_SUPPLIED ENTRIES_:
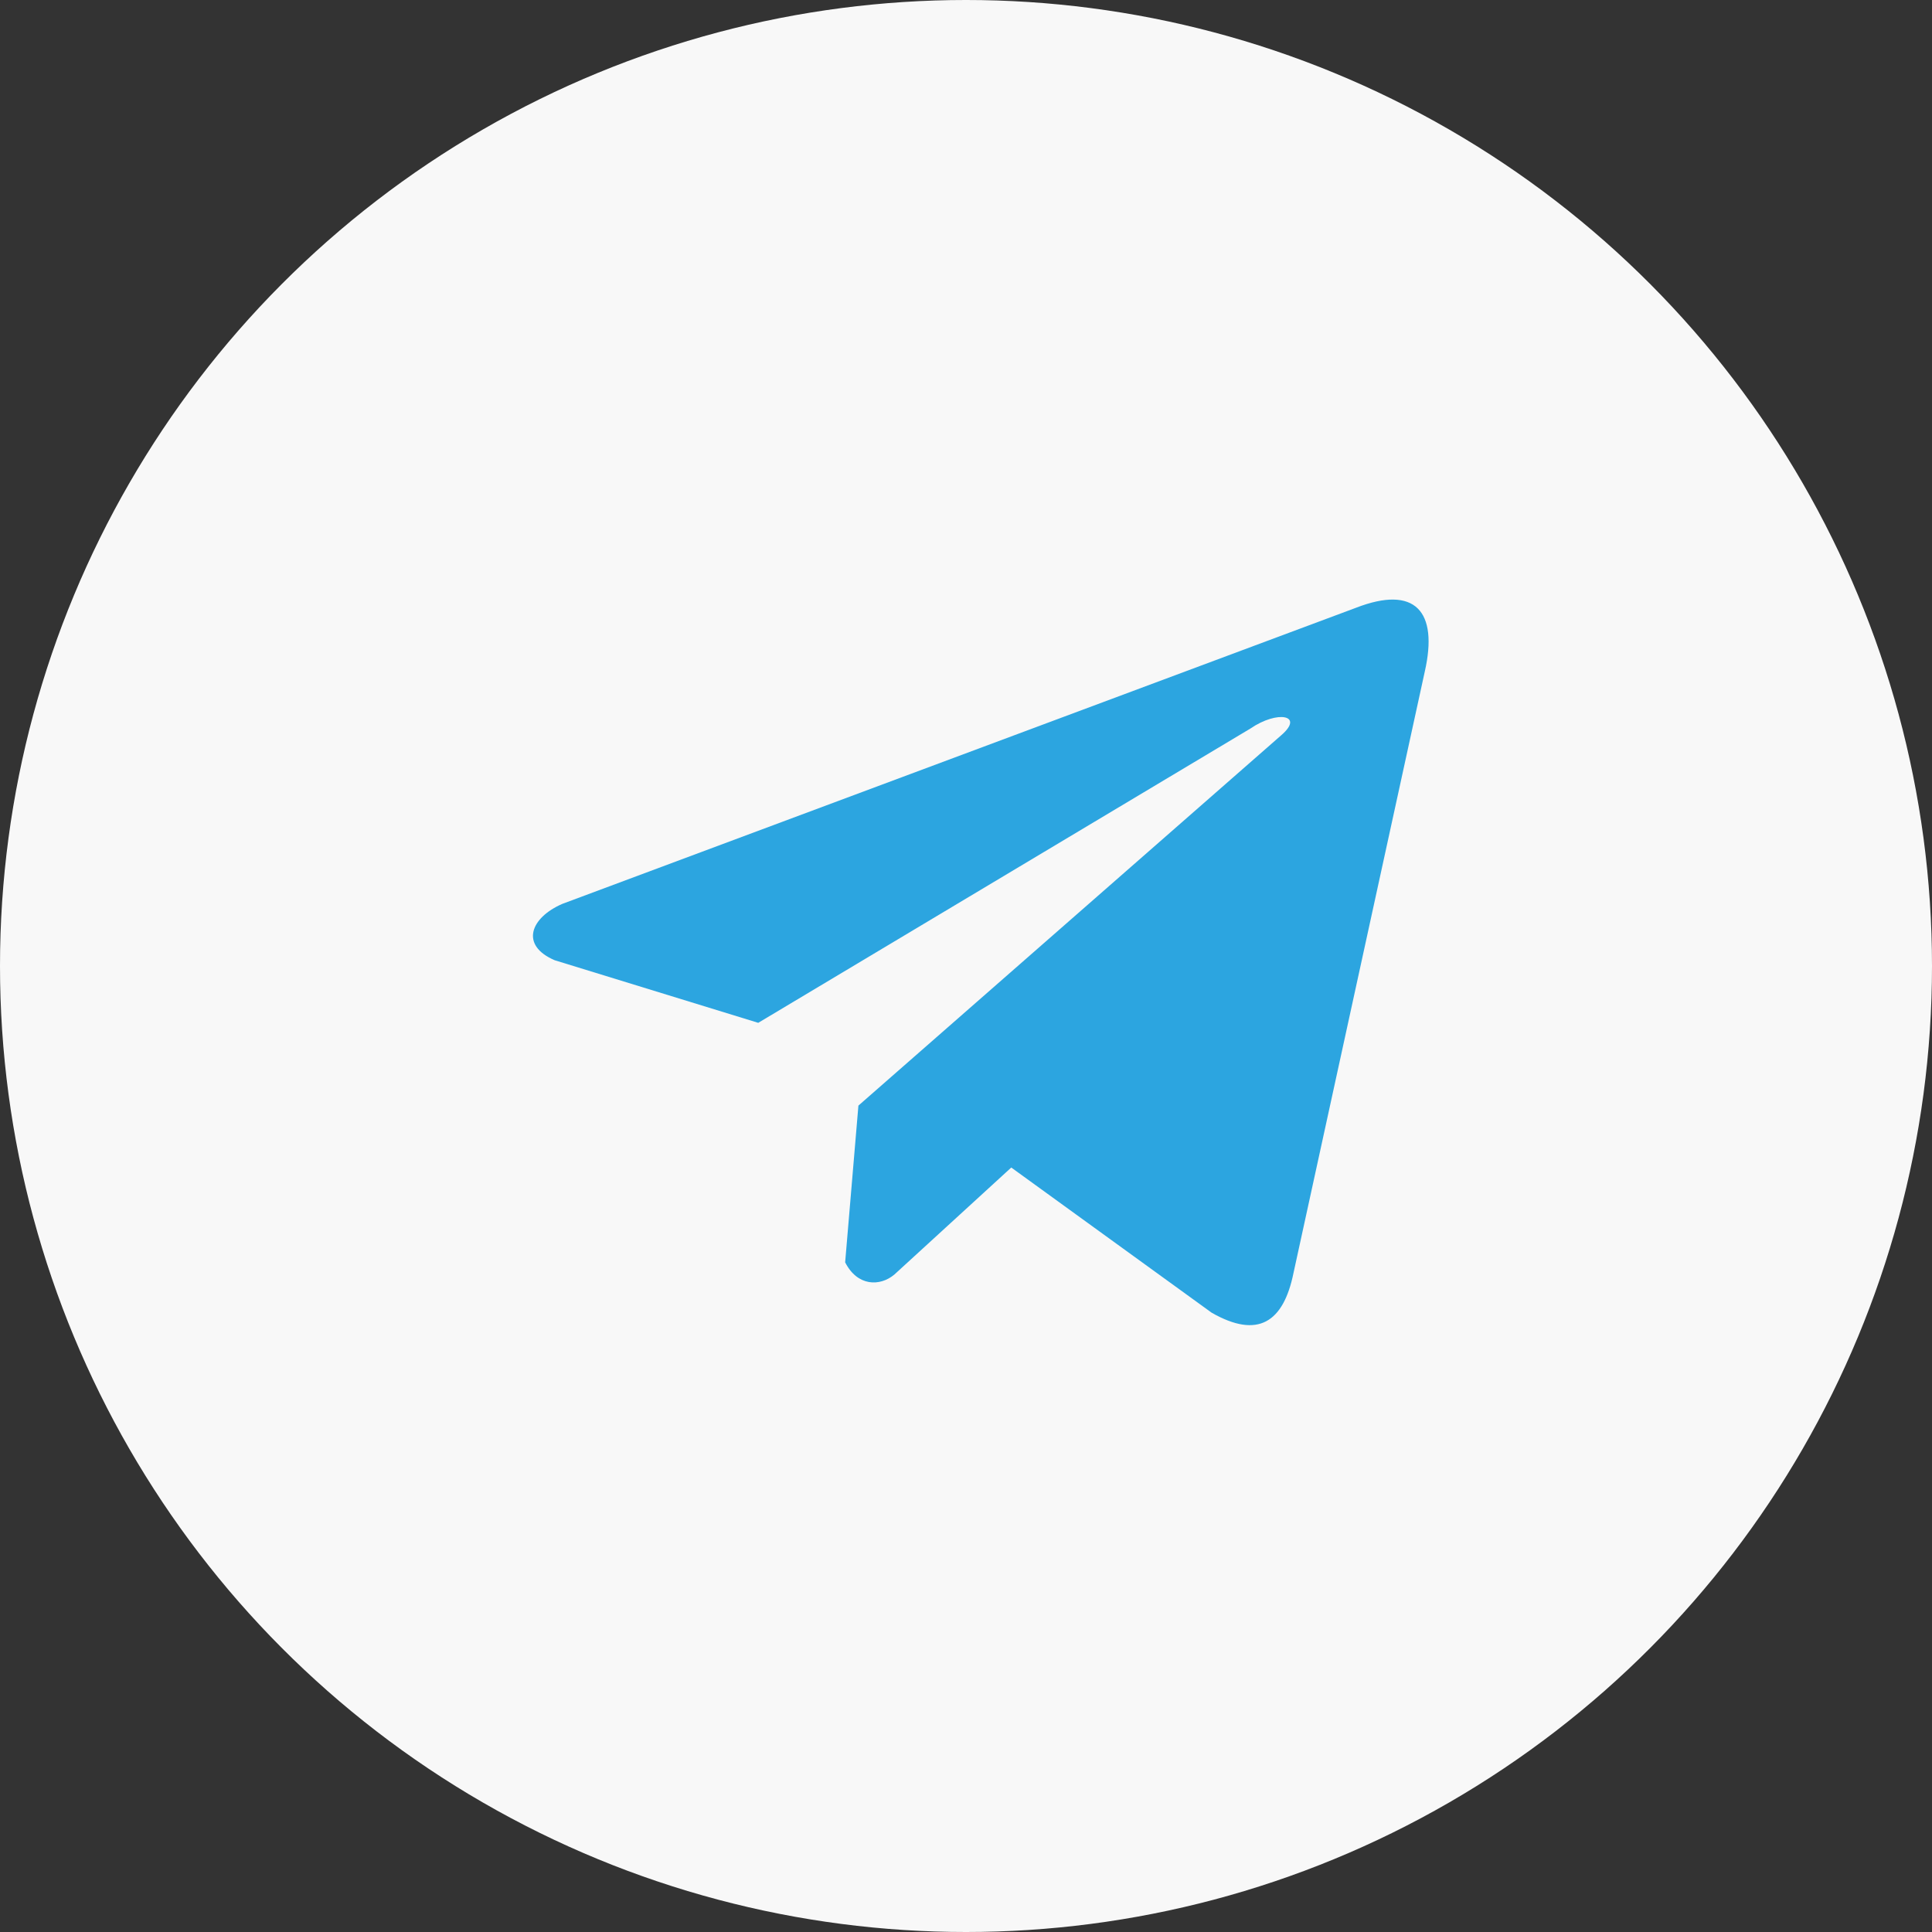 <svg width="58" height="58" viewBox="0 0 58 58" fill="none" xmlns="http://www.w3.org/2000/svg">
<rect x="0" y="0" width="58" height="58" fill="#333333" stroke="none"/>
<circle cx="29" cy="29" r="29" fill="#F8F8F8"/>
<path d="M40.705 18.247L16.884 27.134C15.925 27.548 15.601 28.377 16.652 28.827L22.763 30.706L37.539 21.871C38.346 21.316 39.172 21.464 38.461 22.075L25.77 33.191L25.372 37.896C25.741 38.622 26.417 38.625 26.848 38.264L30.359 35.05L36.373 39.407C37.769 40.206 38.529 39.69 38.83 38.224L42.774 20.156C43.183 18.351 42.485 17.556 40.705 18.247Z" fill="#2CA5E0"/>
</svg>

_ASSIGNMENT_: Take the line with "18.247L16.884 27.134C15.925 27.548" and every line after it in the data, and please reproduce them exactly, leaving out all other lines.

_EXERCISE RESPONSE_:
<path d="M40.705 18.247L16.884 27.134C15.925 27.548 15.601 28.377 16.652 28.827L22.763 30.706L37.539 21.871C38.346 21.316 39.172 21.464 38.461 22.075L25.77 33.191L25.372 37.896C25.741 38.622 26.417 38.625 26.848 38.264L30.359 35.05L36.373 39.407C37.769 40.206 38.529 39.69 38.83 38.224L42.774 20.156C43.183 18.351 42.485 17.556 40.705 18.247Z" fill="#2CA5E0"/>
</svg>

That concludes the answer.